US 12,260,851 B2
	Two-level text-to-speech systems using synthetic training data
Lev Finkelstein, Mountain View, CA (US); Chun-an Chan, Mountain View, CA (US); Byungha Chun, Tokyo (JP); Norman Casagrande, London (GB); Yu Zhang, Mountain View, CA (US); Robert Andrew James Clark, Hertfordshire (GB); and Vincent Wan, London (GB)
Assigned to Google LLC, Mountain View, CA (US)
Filed by Google LLC, Mountain View, CA (US)
Filed on Jul. 14, 2021, as Appl. No. 17/305,809.
Prior Publication US 2023/0018384 A1, Jan. 19, 2023
Int. Cl. G10L 13/00 (2006.01); G10L 13/047 (2013.01); G10L 13/08 (2013.01)

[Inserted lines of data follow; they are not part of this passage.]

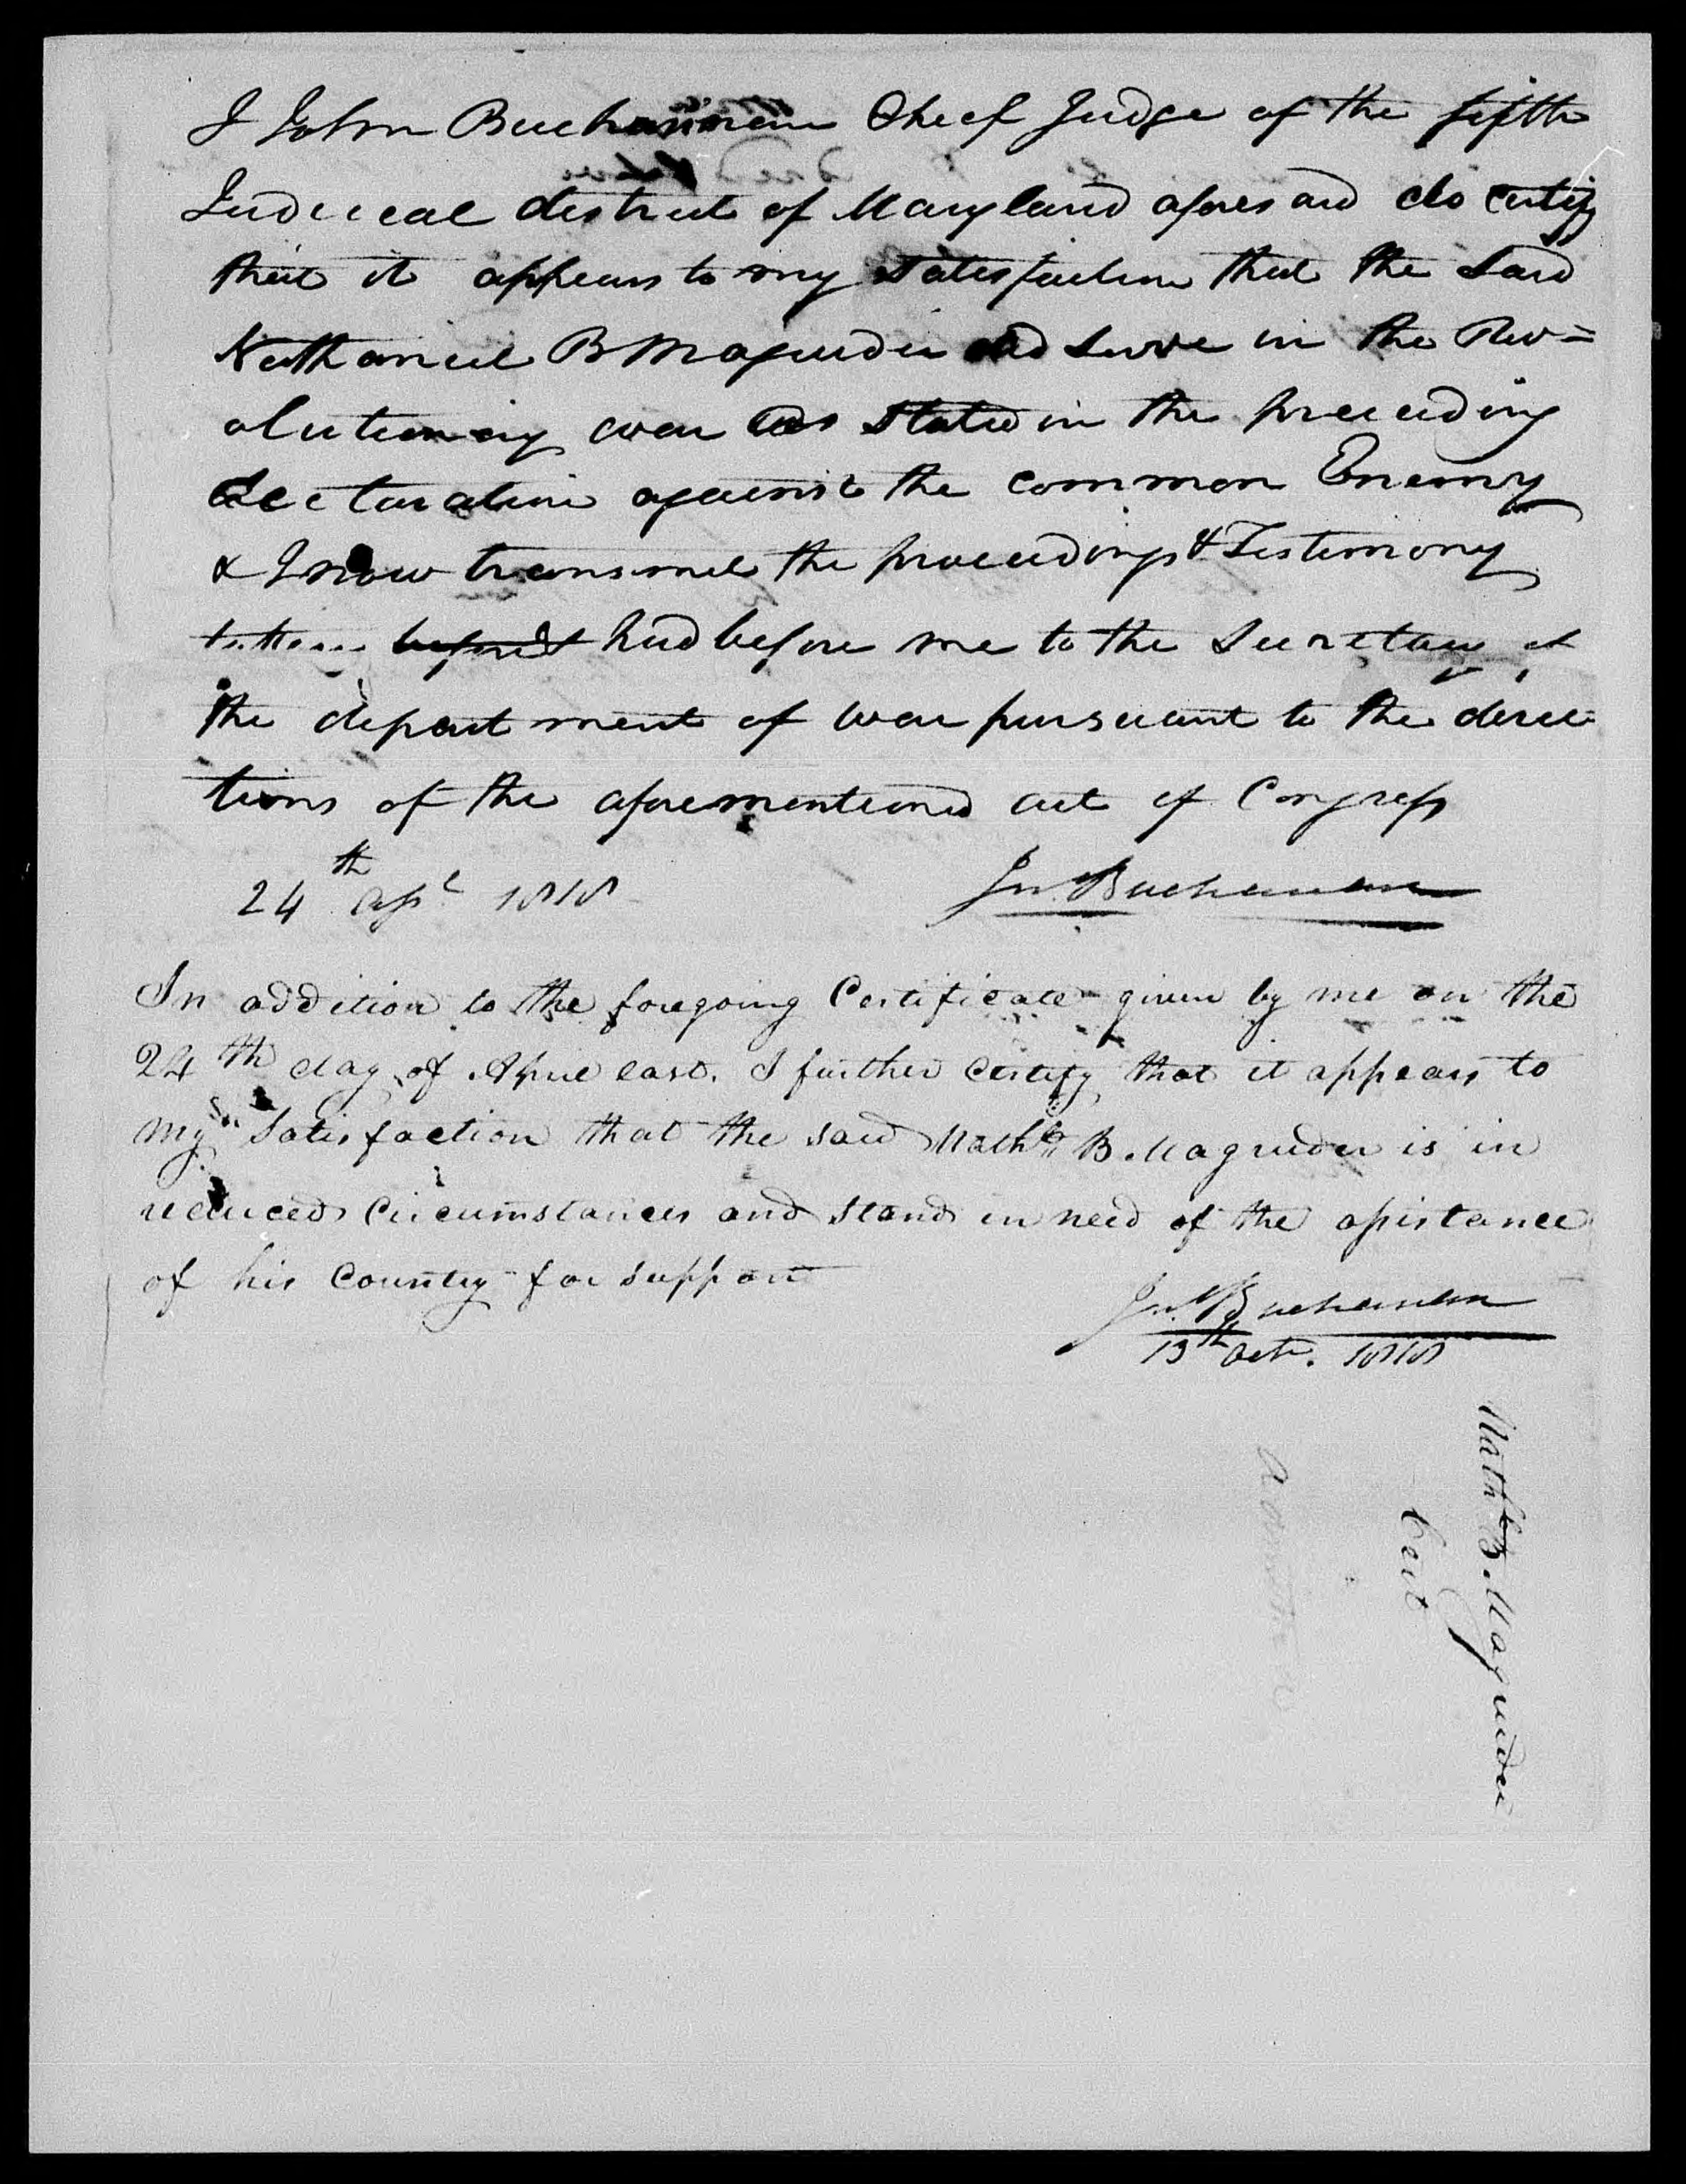I John Buchanan Chief Judge of the fifth Judicial district of Maryland aforesaid do certify that it appears to y satisfaction that the said Nathaniel B. Magruder did serve in the Revolutionary War as stated in the preceding declaration against the common Enemy & I now transmit the proceedings & Testimony taken beforehand before me to the Secretary of the department of War pursuant to the declarations of the aforementioned act of Congress.
24th Apr 1818            John Buchanan

In addition to the foregoing Certificate given by me on the 24th day of April last, I further certify that it appears to my satisfaction that the said Nathl. B. Magruder is in reduced circumstances and stands in need of the assistance of his country for support.
John Buchanan
13th Oct. 1818

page: 6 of 13
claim: survivor's
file: S. 34973, for Nathaniel Beale Magruder, Maryland
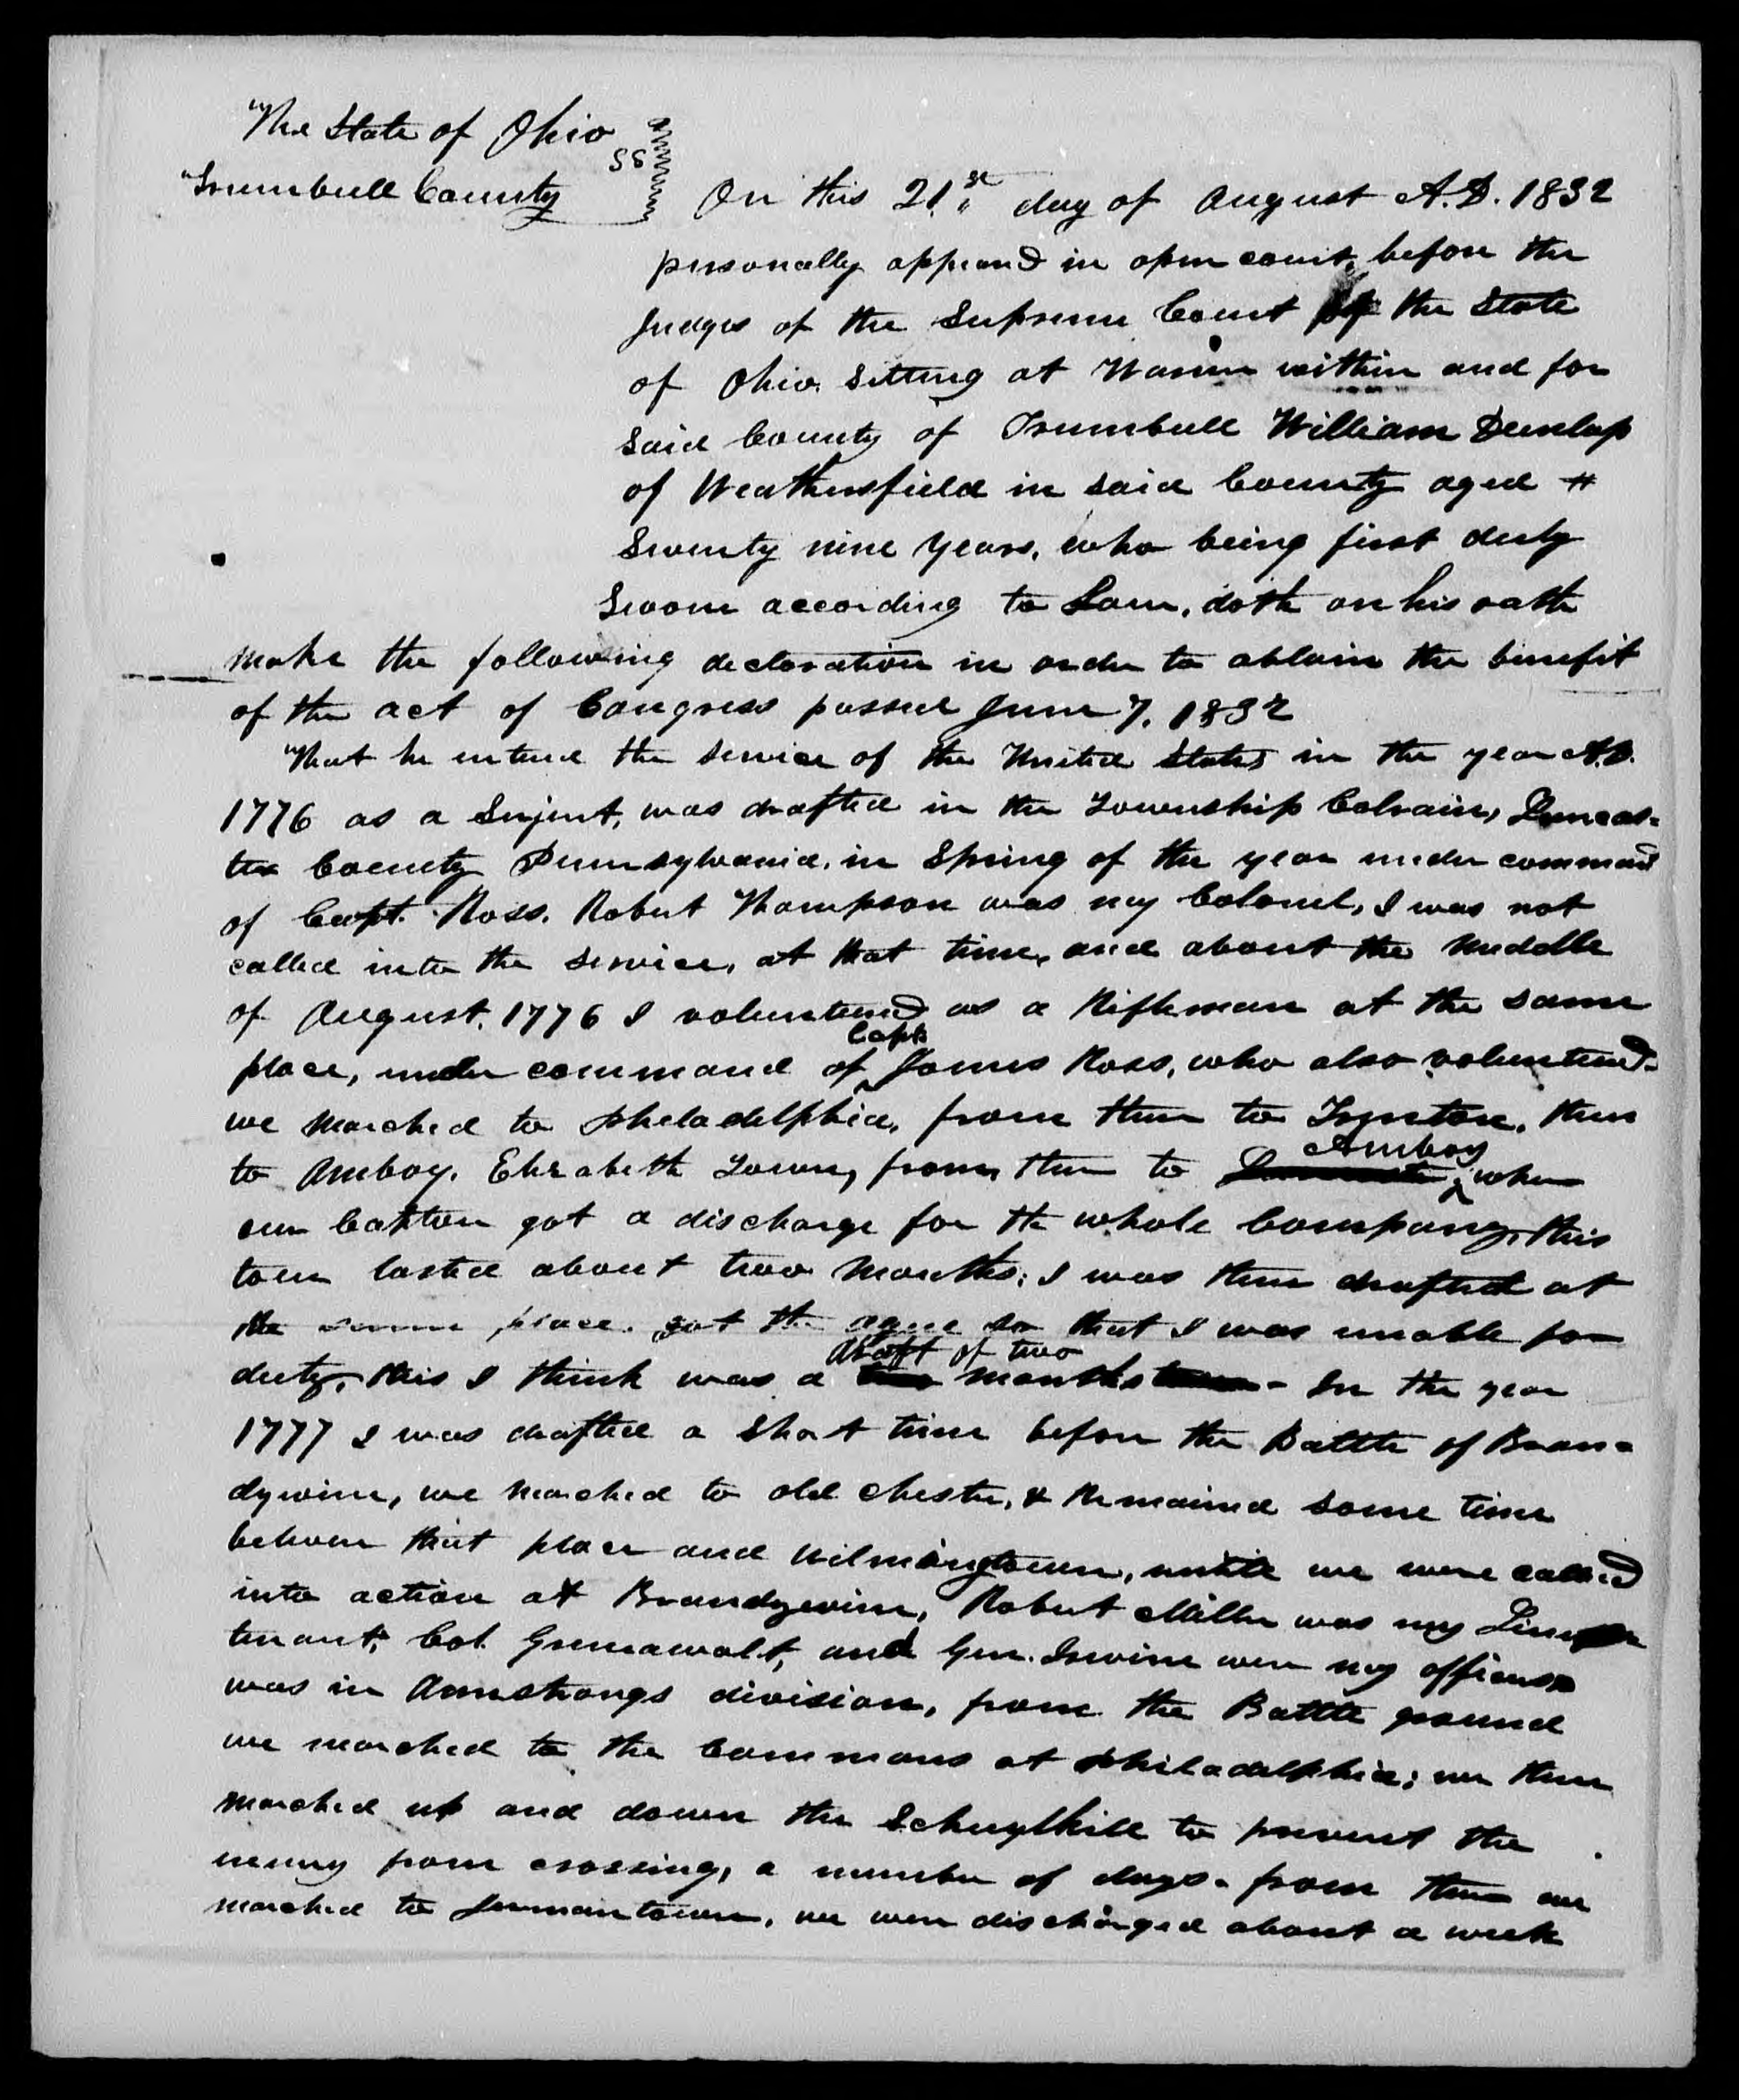The State of Ohio
Trumbull County SS
On this 20th day of August A.D. 1832
personally appeared in open court before the
Judges of the Supreme Court of the State of
Ohio sitting at Warren within and for
said County of Trumbull William Dunlap
of Weathersfield in said County aged [illegible]
Seventy nine years, who being first duly
sworn according to Law, doth on his oath
make the following declaration in order to obtain the benefit of the act of Congress passed June 7, 1832
---
That he entered the service of the United States in the year A.D
1776 as a Serjent, was drafted in the Township Colrain, Lancaster County Pennsylvania in Spring of the year under command
of Capt Ross, Robert Thompson was my colonel, I was not
called into the service at that time and about the midelle
of August 1776 I volunteered as a Rifleman at the same
place, under command of Capt James Ross, who also volunteered.
we marched to Philadelphia, from there to Trenton then to Amboy, Elizabeth Town where our Captain got a discharge for the whole company this tour lasted about two months. I was then drafted at
the same place got the ague so that I was unable for
duty, this I think was a draft of two months in the year
1777 I was drafted a short time before the Battle of Brandywine, we marched to old chester & remained some time
between that place and Wilmingtown, untill we were called
into action at Brandywine, Robert Miller was my Lieutenant Col Greenawalt, and Gen. Irvine were my officers
was in Armstrongs division, from the Battle ground
we marched to the Commons at Philadelphia, we then
marched up and down the Schuylkill to prevent the enemy from crossing, a number of days. from there we marched to Germantown, we were discharged about a week

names: Elizabeth James, Ross, Irwine, Robert Thompson, Robert Miller, James Ross, Grunawalt, William Dunlap
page: 4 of 24
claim: survivor's
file: S. 15,415, William Dunlap, Penn.

CPC G10L 13/08 (2013.01) [G10L 13/047 (2013.01)]

27 Claims

1. A computer-implemented method when executed on data processing hardware causes the data processing hardware to perform operations comprising:

obtaining training data including a plurality of training audio signals and corresponding transcripts, each training audio signal corresponding to a reference utterance spoken by a target speaker in a first accent/dialect, each transcript comprising a textual representation of the corresponding reference utterance;

for each training audio signal of the training data:

generating, by a trained voice cloning system trained to generate synthesized speech that clones a voice of the target speaker in a second accent/dialect different than the first accent/dialect and configured to receive the training audio signal corresponding to the reference utterance spoken by the target speaker in the first accent/dialect as input, a training synthesized speech representation of the corresponding reference utterance spoken by the target speaker in the first accent/dialect, the training synthesized speech representation comprising an output audio waveform of synthesized speech that clones the voice of the target speaker in the second accent/dialect different than the first accent/dialect;

outputting, from the trained voice cloning system, the training synthesized speech representation comprising the output audio waveform of synthesized speech that clones the voice of the target speaker in the second accent/dialect different than the first accent/dialect;

obtaining a text-to-speech (TTS) system different than the trained voice cloning system, the TTS system not trained to generate synthesized speech that clones the voice of the target speaker in the second accent/dialect; and

training the TTS system to learn to generate synthesized speech that clones the voice of the target speaker in the second accent/dialect based on the corresponding transcript of the training audio signal and the training synthesized speech representation of the corresponding reference utterance output from the trained voice cloning system;

receiving an input 616text utterance to be synthesized into speech in the second accent/dialect;

obtaining conditioning inputs comprising a speaker embedding representing voice characteristics of the target speaker and an accent/dialect identifier identifying the second accent/dialect; and

generating, using the trained TTS system conditioned on the obtained conditioning inputs, by processing the input text utterance, an output audio waveform corresponding to a synthesized speech representation of the input text utterance that clones the voice of the target speaker in the second accent/dialect.